It is a very interesting problem.

Unfortunately "interesting" part is related to several problems with doing this.

Doing it successfully would require solving extremely hard philosophical, legal and practical issues.

As far as I know, this problem remains unsolved. And solving it would be one of the largest achievements in human history.

In practice doing this right now is likely to cause problems for ethical users of code while being ignored by evil entities.

(1) It is quite tricky to define what would be unethical/evil use.

And even clearly evil entities will argue that their actions were not evil. Often they even really believe it.

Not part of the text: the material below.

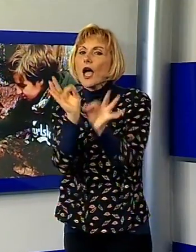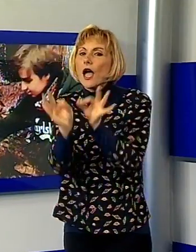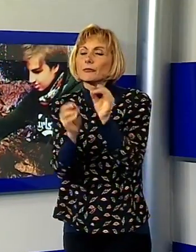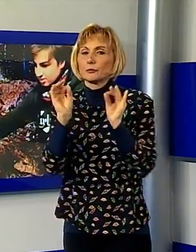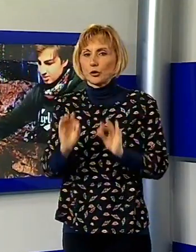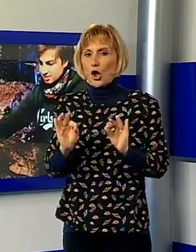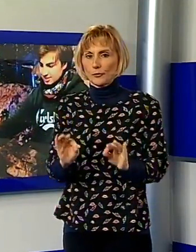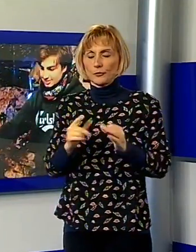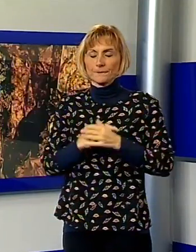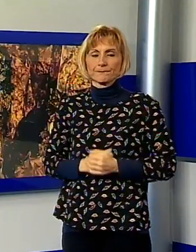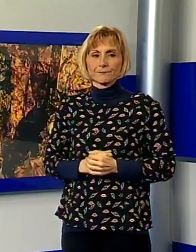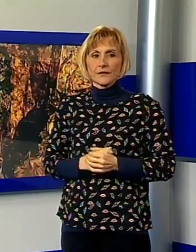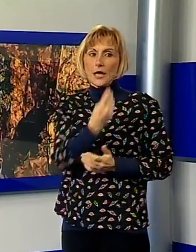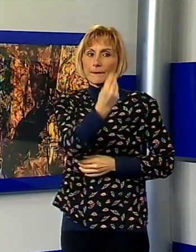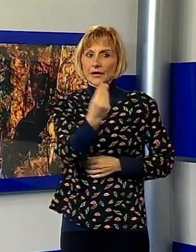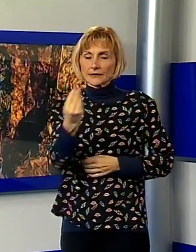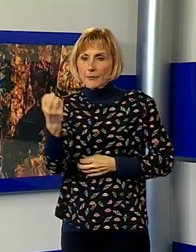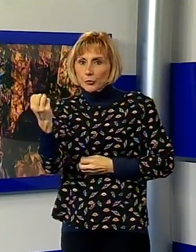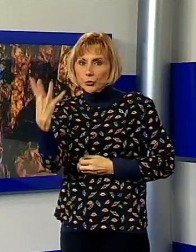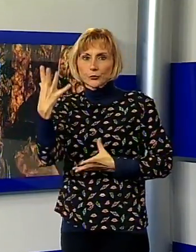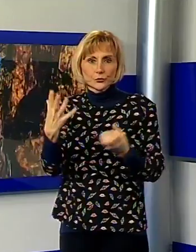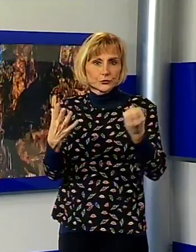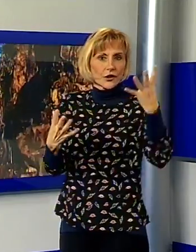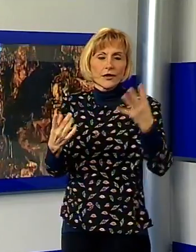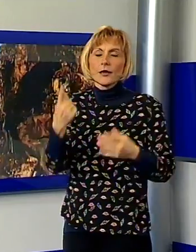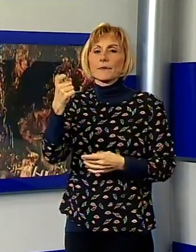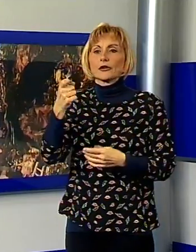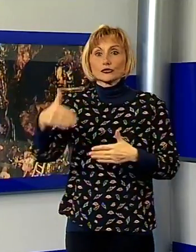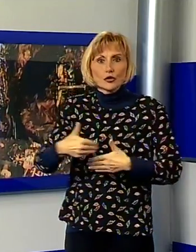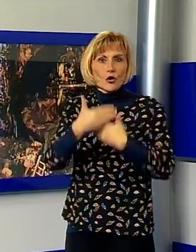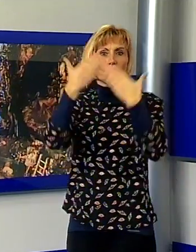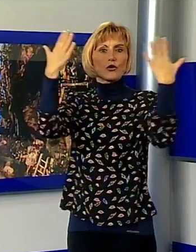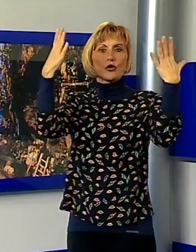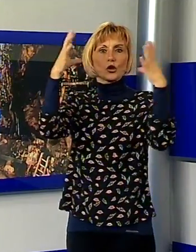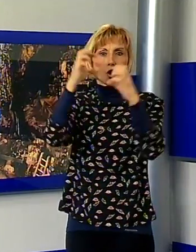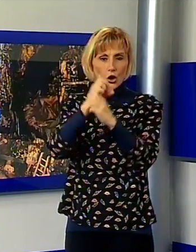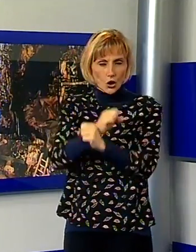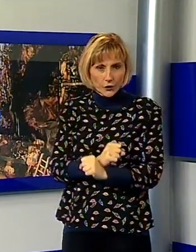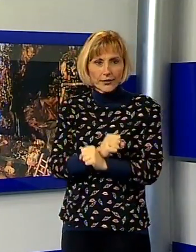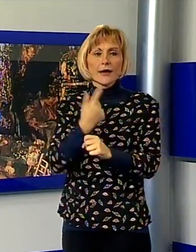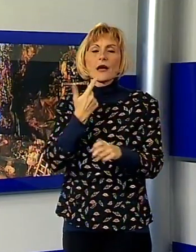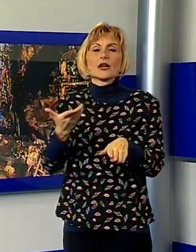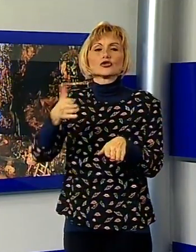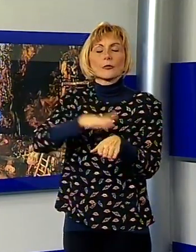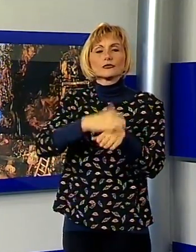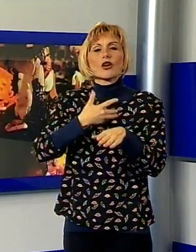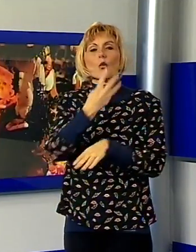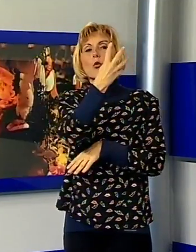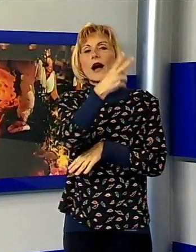presepe che vedete ha giochi di luce per simulare il giorno e la notte, ma soprattutto ha ben 42 personaggi in movimento,

So "no evil use" is too ambiguous. And trying to define morality is very hard to do. Note that many serious political issues are exactly about conflict is something evil or not. It applies both to past issues

(2) Making it legally binding (a part of the license) would cause licensing incompatibility.

(3) Evil entities are likely to ignore licensing anyway. For example, FSB assassinated people in the UK ( https://en.wikipedia.org/wiki/Poisoning_of_Alexander_Litvinenko ), with basically no consequences. If they would use software with a "do no evil" clause - then we would not be able to do anything about it.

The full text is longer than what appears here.